TASK INSTRUCTIONS: Keep every character as it is and output all of the records.

Data records
_ _ _ _
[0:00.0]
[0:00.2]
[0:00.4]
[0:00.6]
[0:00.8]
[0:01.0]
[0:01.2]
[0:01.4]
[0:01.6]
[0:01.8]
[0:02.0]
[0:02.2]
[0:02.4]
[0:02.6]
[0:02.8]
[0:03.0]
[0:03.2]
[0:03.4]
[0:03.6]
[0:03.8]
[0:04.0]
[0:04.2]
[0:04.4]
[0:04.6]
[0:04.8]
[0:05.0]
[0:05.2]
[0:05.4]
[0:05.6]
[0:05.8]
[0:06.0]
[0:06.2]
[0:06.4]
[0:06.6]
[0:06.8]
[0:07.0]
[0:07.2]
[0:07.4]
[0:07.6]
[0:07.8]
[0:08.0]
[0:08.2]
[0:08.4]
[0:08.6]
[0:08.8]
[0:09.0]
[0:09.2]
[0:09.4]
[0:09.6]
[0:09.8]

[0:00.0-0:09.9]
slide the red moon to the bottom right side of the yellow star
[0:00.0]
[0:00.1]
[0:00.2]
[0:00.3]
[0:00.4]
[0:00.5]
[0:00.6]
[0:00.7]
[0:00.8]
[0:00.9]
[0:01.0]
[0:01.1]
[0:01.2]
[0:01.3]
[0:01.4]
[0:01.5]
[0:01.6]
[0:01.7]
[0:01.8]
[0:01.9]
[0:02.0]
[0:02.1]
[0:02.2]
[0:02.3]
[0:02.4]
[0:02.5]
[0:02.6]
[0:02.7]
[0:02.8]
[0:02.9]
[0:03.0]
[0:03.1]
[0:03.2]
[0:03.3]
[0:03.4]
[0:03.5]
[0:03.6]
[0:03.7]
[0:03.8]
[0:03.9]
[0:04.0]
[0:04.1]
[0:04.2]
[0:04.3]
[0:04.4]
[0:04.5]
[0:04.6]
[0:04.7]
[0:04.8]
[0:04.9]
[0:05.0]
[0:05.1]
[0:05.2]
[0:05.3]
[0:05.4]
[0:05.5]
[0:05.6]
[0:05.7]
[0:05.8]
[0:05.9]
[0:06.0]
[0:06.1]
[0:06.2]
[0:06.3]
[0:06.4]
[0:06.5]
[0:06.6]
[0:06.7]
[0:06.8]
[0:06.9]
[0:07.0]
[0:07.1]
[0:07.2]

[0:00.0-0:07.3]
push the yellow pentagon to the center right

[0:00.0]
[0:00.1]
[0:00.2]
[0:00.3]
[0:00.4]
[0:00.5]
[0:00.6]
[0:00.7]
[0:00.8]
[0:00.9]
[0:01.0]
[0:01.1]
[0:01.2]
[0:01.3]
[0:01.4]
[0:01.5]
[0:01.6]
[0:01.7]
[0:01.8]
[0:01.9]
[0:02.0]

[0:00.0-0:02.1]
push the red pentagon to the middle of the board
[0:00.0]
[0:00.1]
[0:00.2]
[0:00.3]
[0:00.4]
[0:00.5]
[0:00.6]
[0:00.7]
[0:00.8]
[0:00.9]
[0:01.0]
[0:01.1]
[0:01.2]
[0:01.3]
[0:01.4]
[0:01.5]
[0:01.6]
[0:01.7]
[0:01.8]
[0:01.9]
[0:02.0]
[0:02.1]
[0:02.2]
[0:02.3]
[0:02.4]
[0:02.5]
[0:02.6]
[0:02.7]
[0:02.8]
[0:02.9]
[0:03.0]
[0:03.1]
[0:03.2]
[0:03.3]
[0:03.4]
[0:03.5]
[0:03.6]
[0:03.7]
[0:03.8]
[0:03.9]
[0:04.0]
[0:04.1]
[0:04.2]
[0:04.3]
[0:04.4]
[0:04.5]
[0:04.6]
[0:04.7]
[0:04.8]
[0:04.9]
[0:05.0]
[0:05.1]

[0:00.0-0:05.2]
_ _ _ _
TASK ANSWER:
[0:00.0]
[0:00.2]
[0:00.4]
[0:00.6]
[0:00.8]
[0:01.0]
[0:01.2]
[0:01.4]
[0:01.6]
[0:01.8]
[0:02.0]
[0:02.2]
[0:02.4]
[0:02.6]
[0:02.8]
[0:03.0]
[0:03.2]
[0:03.4]
[0:03.6]
[0:03.8]
[0:04.0]
[0:04.2]
[0:04.4]
[0:04.6]
[0:04.8]
[0:05.0]
[0:05.2]
[0:05.4]
[0:05.6]
[0:05.8]
[0:06.0]
[0:06.2]
[0:06.4]
[0:06.6]
[0:06.8]
[0:07.0]
[0:07.2]
[0:07.4]
[0:07.6]
[0:07.8]
[0:08.0]
[0:08.2]
[0:08.4]
[0:08.6]
[0:08.8]
[0:09.0]
[0:09.2]
[0:09.4]
[0:09.6]
[0:09.8]

[0:00.0-0:09.9]
slide the red moon to the bottom right side of the yellow star
[0:00.0]
[0:00.1]
[0:00.2]
[0:00.3]
[0:00.4]
[0:00.5]
[0:00.6]
[0:00.7]
[0:00.8]
[0:00.9]
[0:01.0]
[0:01.1]
[0:01.2]
[0:01.3]
[0:01.4]
[0:01.5]
[0:01.6]
[0:01.7]
[0:01.8]
[0:01.9]
[0:02.0]
[0:02.1]
[0:02.2]
[0:02.3]
[0:02.4]
[0:02.5]
[0:02.6]
[0:02.7]
[0:02.8]
[0:02.9]
[0:03.0]
[0:03.1]
[0:03.2]
[0:03.3]
[0:03.4]
[0:03.5]
[0:03.6]
[0:03.7]
[0:03.8]
[0:03.9]
[0:04.0]
[0:04.1]
[0:04.2]
[0:04.3]
[0:04.4]
[0:04.5]
[0:04.6]
[0:04.7]
[0:04.8]
[0:04.9]
[0:05.0]
[0:05.1]
[0:05.2]
[0:05.3]
[0:05.4]
[0:05.5]
[0:05.6]
[0:05.7]
[0:05.8]
[0:05.9]
[0:06.0]
[0:06.1]
[0:06.2]
[0:06.3]
[0:06.4]
[0:06.5]
[0:06.6]
[0:06.7]
[0:06.8]
[0:06.9]
[0:07.0]
[0:07.1]
[0:07.2]

[0:00.0-0:07.3]
push the yellow pentagon to the center right

[0:00.0]
[0:00.1]
[0:00.2]
[0:00.3]
[0:00.4]
[0:00.5]
[0:00.6]
[0:00.7]
[0:00.8]
[0:00.9]
[0:01.0]
[0:01.1]
[0:01.2]
[0:01.3]
[0:01.4]
[0:01.5]
[0:01.6]
[0:01.7]
[0:01.8]
[0:01.9]
[0:02.0]

[0:00.0-0:02.1]
push the red pentagon to the middle of the board
[0:00.0]
[0:00.1]
[0:00.2]
[0:00.3]
[0:00.4]
[0:00.5]
[0:00.6]
[0:00.7]
[0:00.8]
[0:00.9]
[0:01.0]
[0:01.1]
[0:01.2]
[0:01.3]
[0:01.4]
[0:01.5]
[0:01.6]
[0:01.7]
[0:01.8]
[0:01.9]
[0:02.0]
[0:02.1]
[0:02.2]
[0:02.3]
[0:02.4]
[0:02.5]
[0:02.6]
[0:02.7]
[0:02.8]
[0:02.9]
[0:03.0]
[0:03.1]
[0:03.2]
[0:03.3]
[0:03.4]
[0:03.5]
[0:03.6]
[0:03.7]
[0:03.8]
[0:03.9]
[0:04.0]
[0:04.1]
[0:04.2]
[0:04.3]
[0:04.4]
[0:04.5]
[0:04.6]
[0:04.7]
[0:04.8]
[0:04.9]
[0:05.0]
[0:05.1]

[0:00.0-0:05.2]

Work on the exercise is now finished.